DWQA QuestionsCategory: KarmaAre the “hidden memory traces” that my colleague calls debris, actually particular cordings that occur from dealing with trauma, a kind of spreading of the consequences from reacting to events and the accompanying stress and suffering? Can you give us a tutorial to help in understanding what this phenomenon is, its origins, and its significance?

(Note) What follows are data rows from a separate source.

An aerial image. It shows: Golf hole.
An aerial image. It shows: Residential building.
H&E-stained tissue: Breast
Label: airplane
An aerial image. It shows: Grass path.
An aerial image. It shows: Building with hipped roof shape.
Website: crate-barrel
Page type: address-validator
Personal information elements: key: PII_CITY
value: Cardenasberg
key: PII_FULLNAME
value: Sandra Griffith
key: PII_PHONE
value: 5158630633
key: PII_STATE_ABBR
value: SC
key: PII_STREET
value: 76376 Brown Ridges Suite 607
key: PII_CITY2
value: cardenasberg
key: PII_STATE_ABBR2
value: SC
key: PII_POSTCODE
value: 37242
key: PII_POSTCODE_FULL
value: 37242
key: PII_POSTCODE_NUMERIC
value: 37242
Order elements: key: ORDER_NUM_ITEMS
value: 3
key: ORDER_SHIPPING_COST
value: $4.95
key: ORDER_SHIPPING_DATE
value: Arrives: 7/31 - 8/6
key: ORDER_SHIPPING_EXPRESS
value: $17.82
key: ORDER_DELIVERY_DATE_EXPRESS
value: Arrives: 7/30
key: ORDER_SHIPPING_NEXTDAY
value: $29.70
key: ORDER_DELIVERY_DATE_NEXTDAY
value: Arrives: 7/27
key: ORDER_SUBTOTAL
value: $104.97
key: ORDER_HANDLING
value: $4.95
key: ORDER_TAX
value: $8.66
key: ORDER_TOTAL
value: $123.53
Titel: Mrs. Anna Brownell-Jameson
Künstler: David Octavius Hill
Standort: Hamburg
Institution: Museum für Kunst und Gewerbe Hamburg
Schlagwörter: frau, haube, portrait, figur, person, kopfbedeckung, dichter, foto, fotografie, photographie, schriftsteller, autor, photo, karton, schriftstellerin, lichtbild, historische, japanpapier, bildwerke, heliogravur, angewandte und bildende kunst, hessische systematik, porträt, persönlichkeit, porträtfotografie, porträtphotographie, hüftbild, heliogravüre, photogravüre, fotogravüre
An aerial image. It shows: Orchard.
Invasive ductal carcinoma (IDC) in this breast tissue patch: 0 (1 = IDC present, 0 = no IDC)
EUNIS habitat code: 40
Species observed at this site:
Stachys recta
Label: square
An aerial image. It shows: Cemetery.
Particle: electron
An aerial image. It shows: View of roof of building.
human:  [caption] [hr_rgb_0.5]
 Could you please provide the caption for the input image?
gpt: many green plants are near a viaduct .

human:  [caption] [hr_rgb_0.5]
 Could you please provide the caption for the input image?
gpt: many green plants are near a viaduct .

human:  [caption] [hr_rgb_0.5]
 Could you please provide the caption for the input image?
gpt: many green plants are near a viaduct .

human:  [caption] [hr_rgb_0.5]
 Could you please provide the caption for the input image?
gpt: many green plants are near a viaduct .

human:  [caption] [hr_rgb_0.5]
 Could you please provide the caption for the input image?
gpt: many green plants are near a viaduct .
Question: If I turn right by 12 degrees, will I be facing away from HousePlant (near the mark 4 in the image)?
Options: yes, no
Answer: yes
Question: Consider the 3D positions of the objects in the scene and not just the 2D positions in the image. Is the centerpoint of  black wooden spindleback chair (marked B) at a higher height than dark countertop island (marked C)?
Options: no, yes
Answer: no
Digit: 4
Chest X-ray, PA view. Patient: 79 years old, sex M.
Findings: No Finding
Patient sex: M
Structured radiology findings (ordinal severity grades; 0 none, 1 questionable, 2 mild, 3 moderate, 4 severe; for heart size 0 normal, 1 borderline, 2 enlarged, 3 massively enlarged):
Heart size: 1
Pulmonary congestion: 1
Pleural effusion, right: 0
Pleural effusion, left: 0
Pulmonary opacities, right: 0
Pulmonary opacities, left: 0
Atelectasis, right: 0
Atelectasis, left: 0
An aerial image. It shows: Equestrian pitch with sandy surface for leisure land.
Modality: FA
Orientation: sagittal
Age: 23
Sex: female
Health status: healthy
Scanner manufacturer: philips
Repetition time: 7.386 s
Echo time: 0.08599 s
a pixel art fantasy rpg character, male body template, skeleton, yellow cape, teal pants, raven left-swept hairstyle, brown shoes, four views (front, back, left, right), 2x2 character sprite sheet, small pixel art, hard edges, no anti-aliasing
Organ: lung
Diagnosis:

Nicola Staff asked 3 months ago
What she was seeing was the perception that there can be a family of cordings connected to a particular trauma, and given that many traumas are repeat offenses, this can give rise to quite a forest of such aggregates that may themselves have highly similar makeup, even though they are discrete entities and from discrete traumas. This is because the workings of the universe are quite precise as are the workings of the human on all levels. It is important to track things and to assign meaning and responsibility for all that happens and hold all to account for each difficulty or transgression, as the case might be, happening on their watch. This is seen to, as you understand, by the Law of Karma overseeing the energetic signatures of all of the wrongdoing of oneself, as well as others, that impinges and causes trouble for a person. When a trauma happens and the cordings are formed to represent the emotional consequences and the beliefs engendered, respectively, the review of those by the mind can give rise to new pain and anguish. And that is a self-inflicted trauma that will also be recorded in the akashic records, and their energetic signatures form new re-cordings that are a kind of echo of what took place. This can happen over and over and over again, depending on the workings of a person's mind and how much they agonize over things and are a worrier, or are simply in a bad situation with constant reminders that trigger the recall and review of previous trauma. So major trauma events will likely have multiple cordings, not only because they have a series of discrete insults and injuries and woundings, with a group of varied emotions about it all, as well as a set of negative beliefs that are engendered and a liability, and thus, a kind of trauma in their own right. But in addition, these will sprout many echoes potentially, as people lick their wounds and cannot help revisiting the memories of all that happened because the Law of Karma will keep reminding them, let alone their own propensity for perseveration through self-review, to worry and fret about what might happen next. So this is simply a widening of the original wounding, mechanistically, and adds to the healing burden needed to clear way the consequences.